Так и должно быть: правосудие борется с преступлением против национальной России, и новое знамя, выставленное злоумышленниками, честного судью не смутит. Послушаем же — эхо это или живой голос Солженицына: «Когда насилие врывается в мирную людскую жизнь — его лицо пылает от самоуверенности, оно так и на флаге несет и кричит: «Я — Насилие! Разойдитесь, расступитесь — раздавлю!» Но насилие быстро стареет, немного лет — оно уже не уверенно в себе и, чтобы держаться, чтобы выглядеть прилично, непременно вызывает к себе в союзники Ложь.
Ибо: насилию нечем прикрыться, кроме лжи, а Ложь может держаться только насилием» . «Против многого в мире может выстоять ложь — но только не против искусства.
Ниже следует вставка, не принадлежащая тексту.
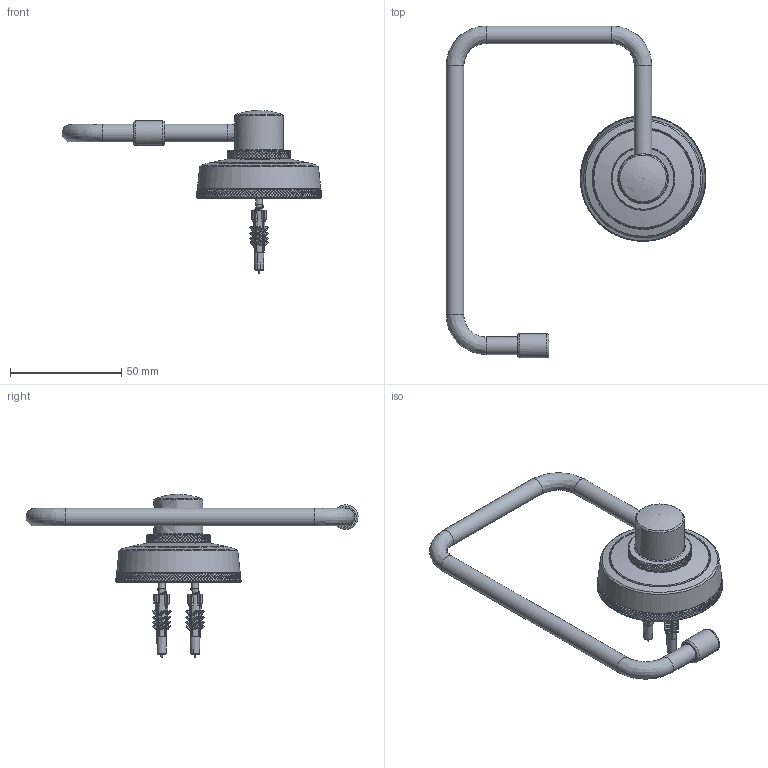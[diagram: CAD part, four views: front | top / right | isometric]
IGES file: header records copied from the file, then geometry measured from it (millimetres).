
Global section: file name: N1437; native system: Autodesk Inventor 2020; preprocessor: unknown; author: camerond; date: 20200204.113603; units: millimetre
Bounding box: 116.68 x 149.16 x 73.39 mm (x, y, z)
Volume: 58098.9 mm3; surface area: 33328.1 mm2
Topology: 14 solids, 14 shells, 6014 faces, 13483 edges, 7490 vertices
Faces by surface type: bspline 6014
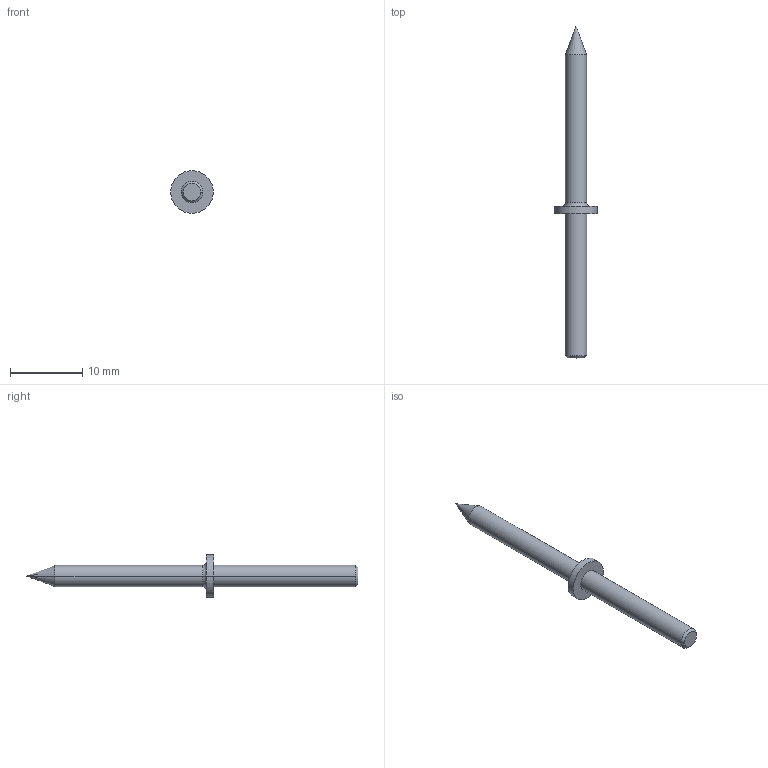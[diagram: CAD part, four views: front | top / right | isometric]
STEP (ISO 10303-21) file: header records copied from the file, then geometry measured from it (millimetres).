
FILE_DESCRIPTION (( 'STEP AP214' ), '1' );
FILE_NAME ('51737~1.STEP', '2020-02-17T12:05:06', ( '' ), ( '' ), 'SwSTEP 2.0', 'SolidWorks 2018', '' );
FILE_SCHEMA (( 'AUTOMOTIVE_DESIGN' ));
Length unit declared in the file: millimetre
Products named in the file (1): 51737~1
Bounding box: 5.9 x 46 x 5.9 mm (x, y, z)
Volume: 318.4 mm3; surface area: 463.6 mm2
Topology: 1 solids, 1 shells, 15 faces, 30 edges, 17 vertices
Faces by surface type: cylinder 6, cone 4, plane 3, torus 2
Entity records: 436 total; most frequent: DIRECTION 78, CARTESIAN_POINT 61, ORIENTED_EDGE 56, AXIS2_PLACEMENT_3D 34, EDGE_CURVE 28, CIRCLE 18, EDGE_LOOP 17, VERTEX_POINT 17

А едва развеяна будет ложь, отвратительно откроется нагота насилия — и насилие дряхлое падет» . Нет, это не перелицованный Солженицын — все тот же, клеймящий зло, какие бы ипостаси оно не принимало. А вот это совсем любопытно — несмотря на некоторые старые обозначения: «Один американский дипломат воскликнул недавно: «Пусть на русском сердце Брежнева работает американский стимулятор!» Ошибка, надо было сказать: «на советском».
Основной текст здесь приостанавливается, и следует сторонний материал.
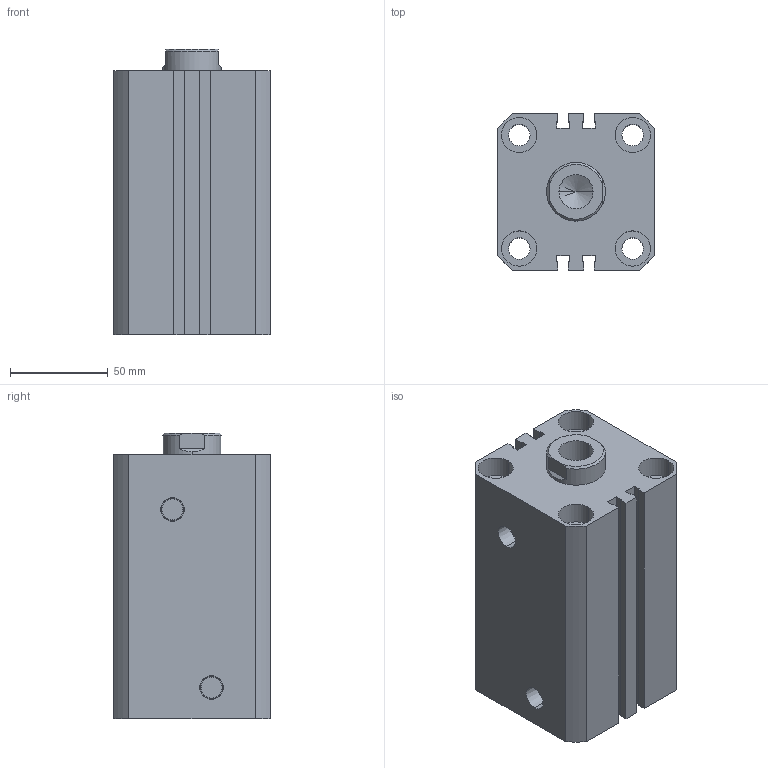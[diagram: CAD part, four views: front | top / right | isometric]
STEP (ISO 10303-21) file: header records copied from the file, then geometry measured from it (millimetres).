
FILE_DESCRIPTION (( 'STEP AP203' ), '1' );
FILE_NAME ('HTM-SD50-60N.STEP', '2019-10-10T06:12:48', ( '微软用户' ), ( '微软中国' ), 'SwSTEP 2.0', 'SolidWorks 2012', '' );
FILE_SCHEMA (( 'CONFIG_CONTROL_DESIGN' ));
Length unit declared in the file: millimetre
Products named in the file (3): HTM-SD50-60N; HTM-SD50-60N活塞杆; HTM-SD50-60掛极
Assembly tree (2 placements, depth 2):
  HTM-SD50-60N
    HTM-SD50-60掛极
    HTM-SD50-60N活塞杆
Bounding box: 80 x 80 x 146 mm (x, y, z)
Volume: 681432.3 mm3; surface area: 122860.3 mm2
Topology: 2 solids, 2 shells, 115 faces, 280 edges, 183 vertices
Faces by surface type: plane 59, cylinder 42, cone 8, torus 6
Entity records: 3707 total; most frequent: DIRECTION 616, CARTESIAN_POINT 605, ORIENTED_EDGE 556, EDGE_CURVE 278, AXIS2_PLACEMENT_3D 226, VERTEX_POINT 183, VECTOR 164, LINE 164

Не одним происхождением определяется национальность, но душою, но направлением преданности. Сердце Брежнева, попускающего губить свой народ в пользу международных авантюр, не русское» . В точку.
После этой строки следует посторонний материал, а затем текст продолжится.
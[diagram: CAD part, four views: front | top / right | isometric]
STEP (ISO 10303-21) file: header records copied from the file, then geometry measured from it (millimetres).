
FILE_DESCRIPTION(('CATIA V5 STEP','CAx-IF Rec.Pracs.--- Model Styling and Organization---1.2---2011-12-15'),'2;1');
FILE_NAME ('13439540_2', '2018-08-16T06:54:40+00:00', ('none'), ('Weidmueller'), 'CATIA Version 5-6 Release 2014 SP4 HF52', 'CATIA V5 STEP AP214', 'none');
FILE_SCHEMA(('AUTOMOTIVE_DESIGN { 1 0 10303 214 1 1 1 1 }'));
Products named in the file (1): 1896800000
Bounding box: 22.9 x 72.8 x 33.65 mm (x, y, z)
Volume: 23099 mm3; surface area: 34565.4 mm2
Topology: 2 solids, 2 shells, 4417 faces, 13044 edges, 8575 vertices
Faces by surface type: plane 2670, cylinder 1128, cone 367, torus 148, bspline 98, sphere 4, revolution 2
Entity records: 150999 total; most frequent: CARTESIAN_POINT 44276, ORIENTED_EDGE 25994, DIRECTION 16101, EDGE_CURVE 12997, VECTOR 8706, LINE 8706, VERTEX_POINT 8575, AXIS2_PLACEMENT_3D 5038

Возвращение Александра Исаевича на многострадальную Родину, начавшееся четыре года назад, окончательно завершилось только недавно, с выходом книги «Россия в обвале» , теперь можно сказать, что после 20-летнего отсутствия Солженицын снова врос в Россию и занял по принадлежащему ему нравственному влиянию, а с ним отныне совпадает и угадывание почвенных токов, первое место в России, избрав его в отдалении от всех политических партий, на перекрестке дорог, ведущих в глубинку, где остается надежда на народовластие, которое понимает он под земством. Опять же: не со всем и в последней книге можно согласиться безоговорочно. Но это отдельный разговор. Это отдельное размышление, и оно снова не обошлось бы без Толстого, который, конечно же, не добивался ни Февраля, ни Октября, но своими громогласными отрицаниями основ современной ему монархической жизни невольно подставил им плечо. Это размышление о подготавливании словно бы самим народом и словно бы вперекор своим ближайшим интересам великих нравственных авторитетов, чье влияние и учение согласуется с дальней перспективой отечественной судьбы.
80-летний юбилей А. И. Солженицына — толчок для многих серьезных размышлений о крестном пути России. Они, разумеется, каждодневны, с ними мы засыпаем и с ними просыпаемся. Но вот наступает однажды день, как этот, приподнятый над роковой обыденностью, в которую засасывает нас все больше и больше, — и тогда все видится крупней и значительней. Если рожает русская земля таких людей — стало быть, по-прежнему она корениста, и никаким злодейством, никаким попущением так скоро в пыль ее не истолочь. Если после всех трепок, учиненных ей непогодой, сумела лишь усилиться и обогатиться на поросль — отчего ж не усилиться и ей и не обратить со временем невзгоды свои в опыт и мудрость?!
Есть люди, в ком современники и потомки видят родительство земли большим, чем отца с матерью. Оттого и звучит она так: Родина, Отечество!